S. van Soest, R.D. Fontijn, H. Pannekoek and A.J.G. Horrevoets.
Department of Biochemistry, AMC, Amsterdam.
Endothelial cells play an important role in the onset and progression of atherosclerosis. Activation of these cells by an atherogenic stimulus induces the expression of cell adhesion molecules like E-selectin and VCAM-1, which results in the recruitment and invasion of monocytes into the vessel wall. The altered properties of activated endothelial cells in a pathogenic condition reflect altered patterns of gene expression. The aim of this study is to identify new genes involved in the response of endothelial cells to atherogenic stimuli.

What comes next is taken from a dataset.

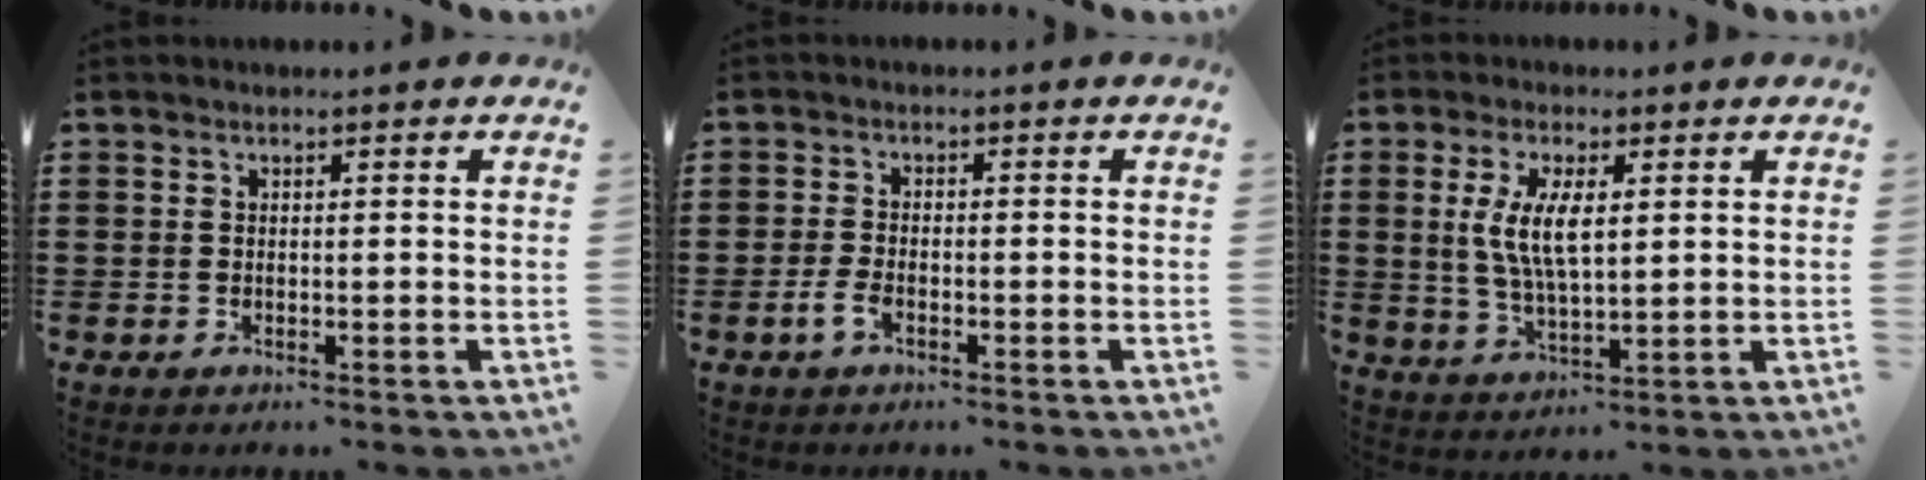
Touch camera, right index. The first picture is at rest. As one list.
[{"total": 2.6, "force": [-1.4, 1.1, 1.9], "torque": [-0.048, -0.002, -0.030]}, {"total": 7.0, "force": [1.3, 2.7, 6.4], "torque": [-0.135, 0.004, 0.020]}]
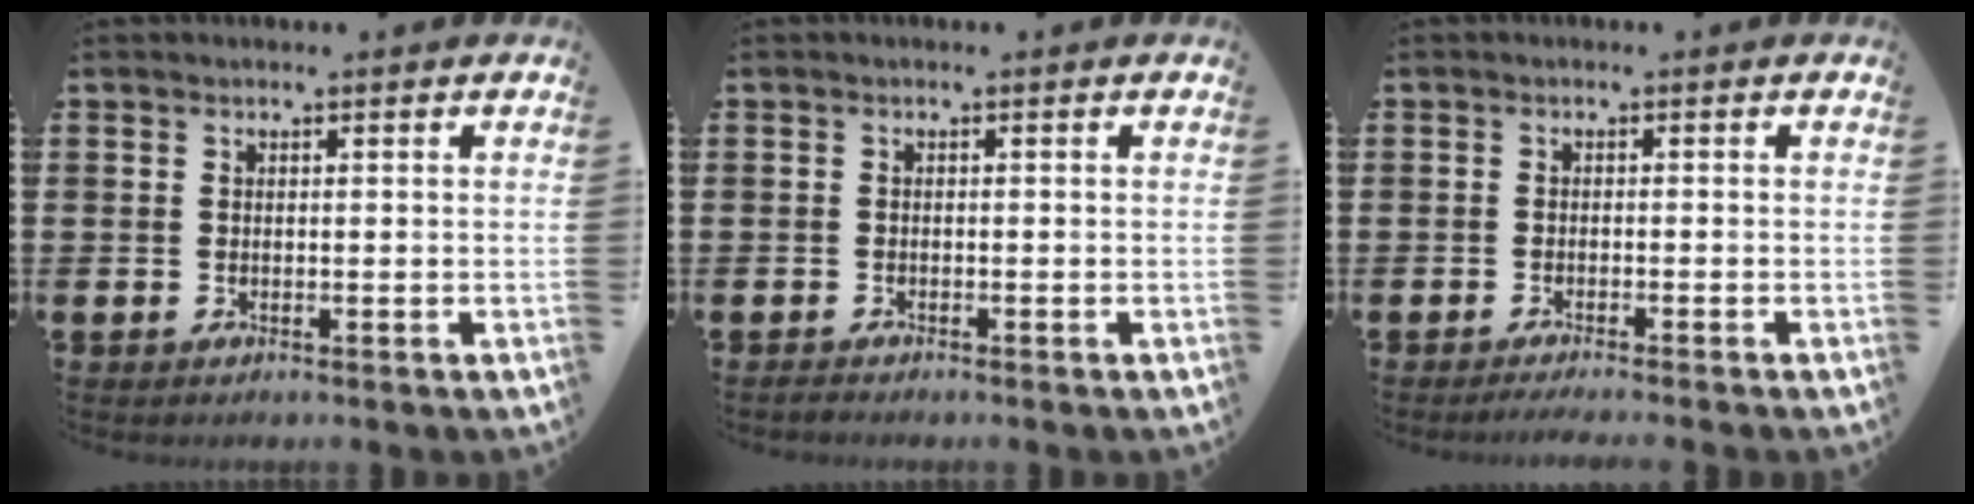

Stimulation of human umbilical vein endothelial cells (HUVEC) with TNFa is used as a model system for activated endothelium. Differential display analysis of stimulated vs. non-stimulated HUVEC yielded 106 differentially expressed gene-fragments (DD-fragments). A number of the DD-fragments represent known genes (22/106) or genes present in the EST databases (38/106). The remaining DD-fragments (48/106) represent currently unknown genes. Considering the size of the obtained set of candidate genes we chose to implement the microarray technology in order to analyze the expression profile of all DD-fragments simultaneously.
A microarray was constructed that contains the DD-fragments and ESTs, as well as a number of genes with an established role in vascular pathology, and housekeeping genes to be used for standardization. The gene fragments were PCR amplified and printed onto glass slides, which were subsequently hybridized with fluorescently labeled cDNA probes generated by reverse transcription of total mRNA. Direct comparison of the expression profiles of stimulated and non-stimulated cells was accomplished by simultaneous hybridization with two probes, labeled with different fluorophores. Quantification and analysis of the first results confirmed the differential expression of a number of control genes, e.g. MnSOD and ICAM, demonstrating the feasibility of this approach, as well as several new genes.
Similar results were obtained with probes generated from T7-amplified RNA.
With the chosen set-up, combining Differential Display with microarray analysis, we obtained a flexible and efficient screening method for the identification of differentially expressed genes. The synthesis of amplified RNA from minute amounts of mRNA, will enable us to analyze the expression of the whole set of “atherosclerotic” genes simultaneously in minute amounts of human vascular tissue material, providing a link to the in vivo situation.